» EXERCISE
Write every record below out exactly; no images.

..........

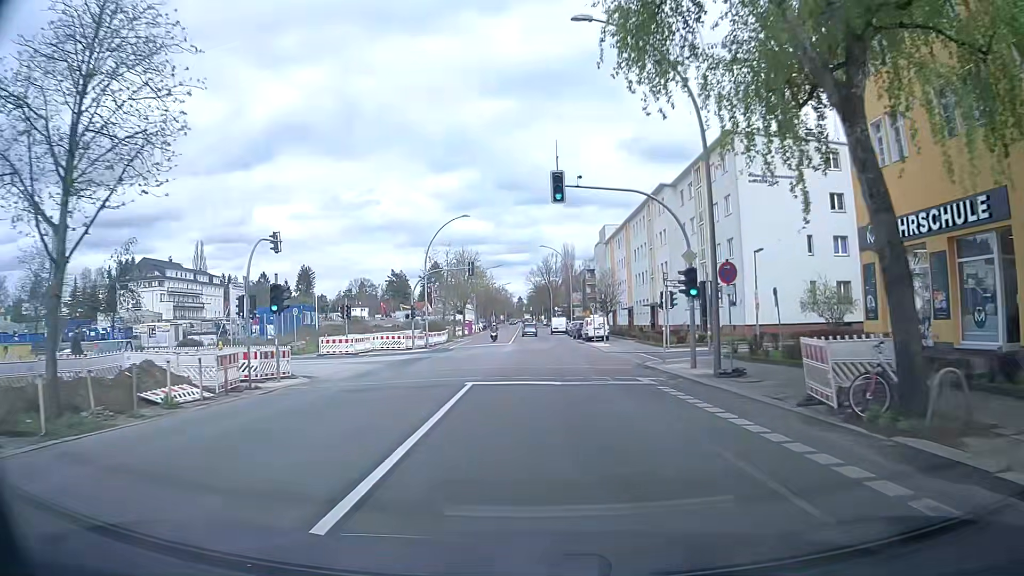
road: secondary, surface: asphalt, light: Day
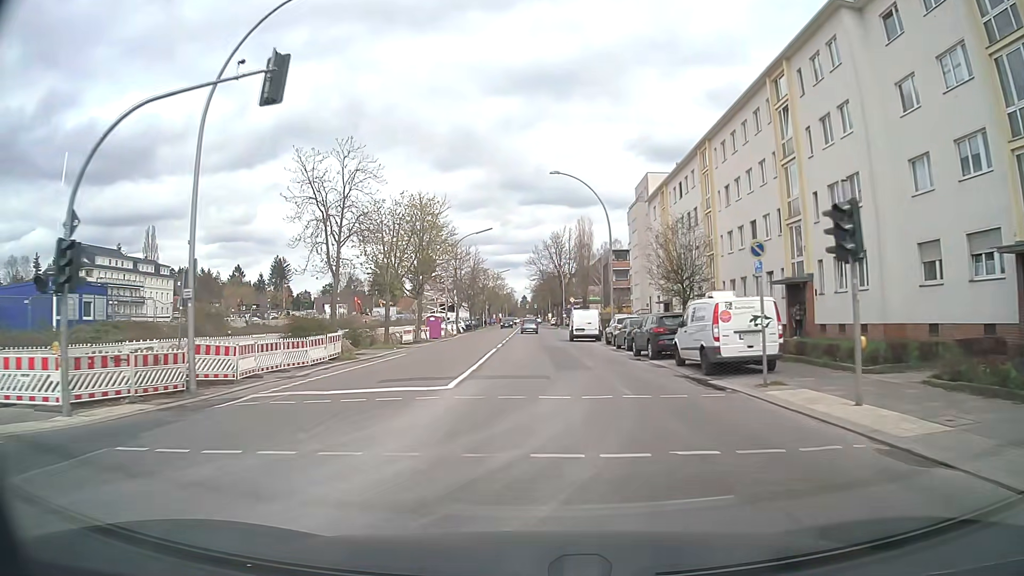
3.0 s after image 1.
(+0.2, +37.2) m; 0°
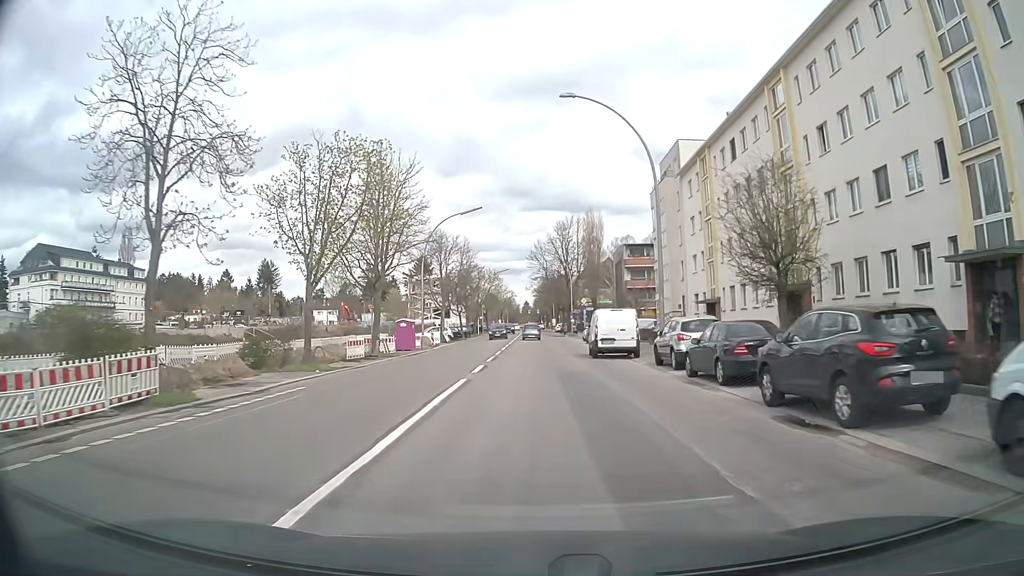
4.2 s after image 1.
(-0.1, +14.9) m; -1°
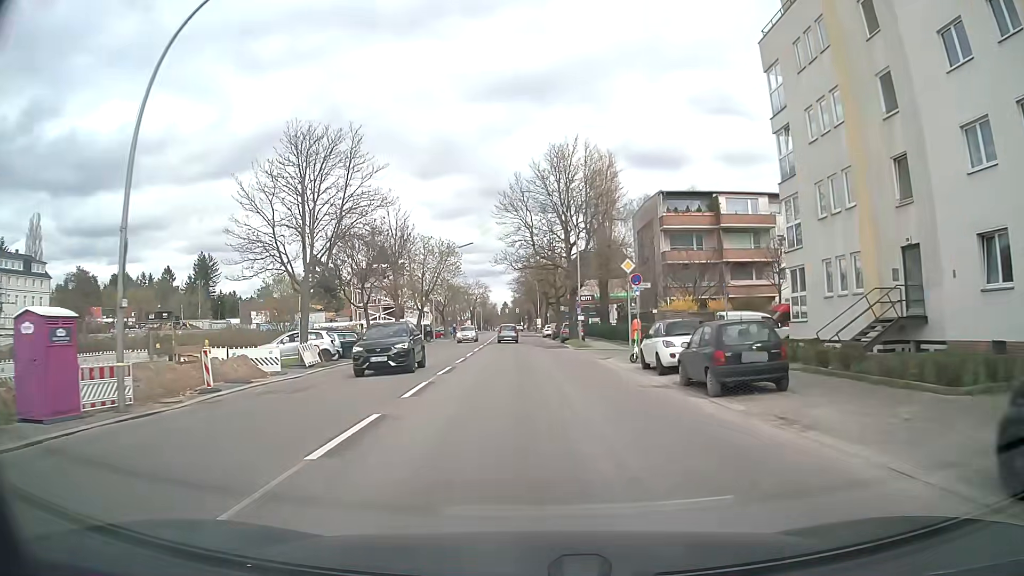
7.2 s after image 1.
(+0.2, +36.8) m; +1°
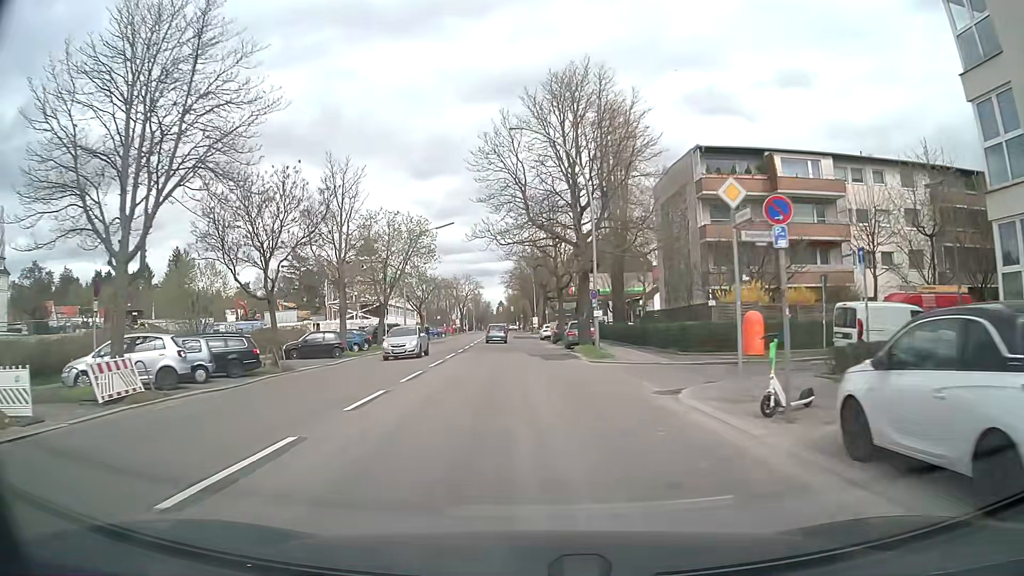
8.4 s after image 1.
(+0.2, +14.3) m; +1°
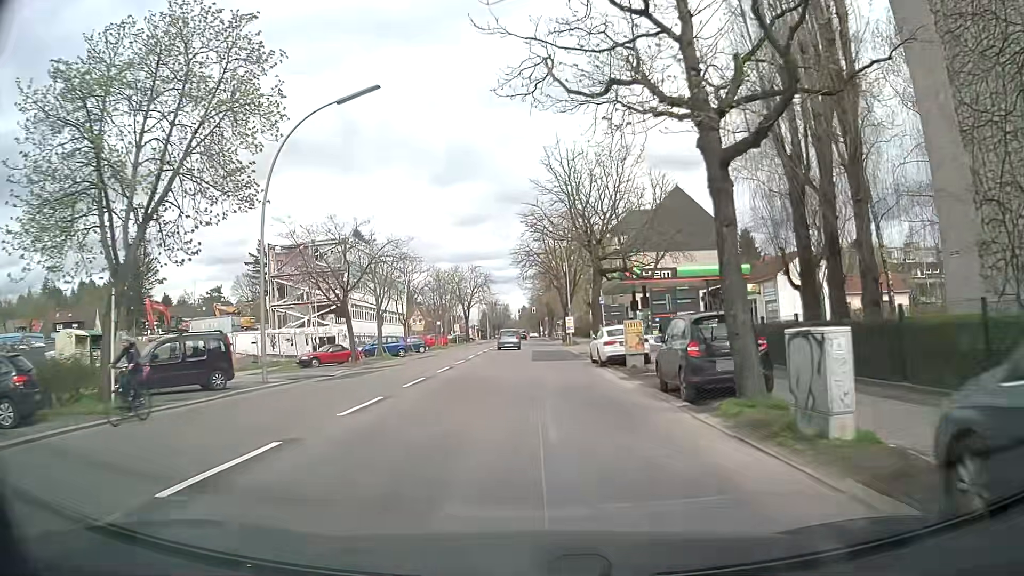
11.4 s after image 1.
(-1.1, +35.9) m; -3°
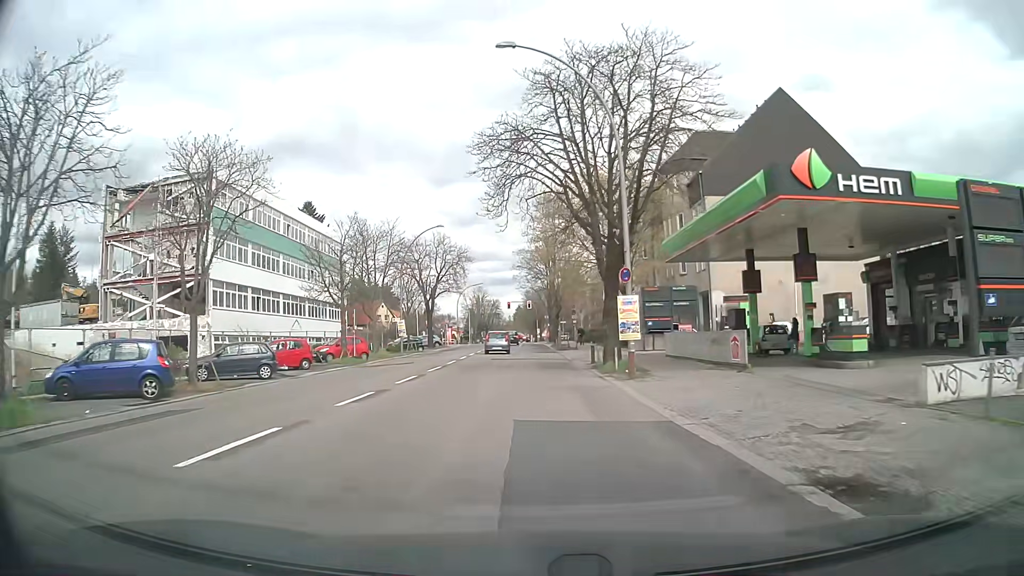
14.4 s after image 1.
(0.0, +34.8) m; 0°
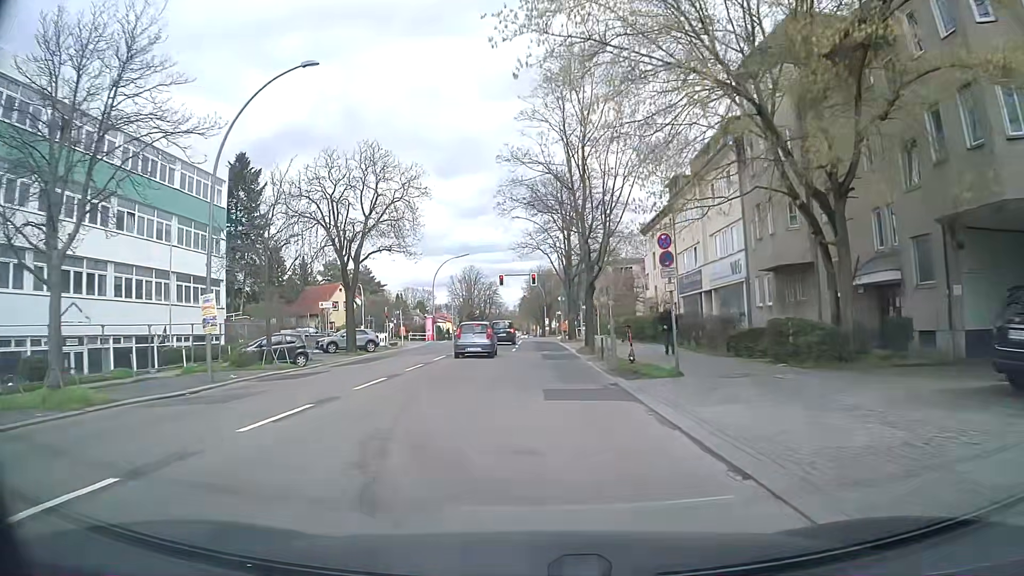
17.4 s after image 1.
(-0.1, +33.5) m; -1°

..........

» RESPONSE AREA
road: secondary, surface: asphalt, light: Day
3.0 s after image 1.
(+0.2, +37.2) m; 0°
4.2 s after image 1.
(-0.1, +14.9) m; -1°
7.2 s after image 1.
(+0.2, +36.8) m; +1°
8.4 s after image 1.
(+0.2, +14.3) m; +1°
11.4 s after image 1.
(-1.1, +35.9) m; -3°
14.4 s after image 1.
(0.0, +34.8) m; 0°
17.4 s after image 1.
(-0.1, +33.5) m; -1°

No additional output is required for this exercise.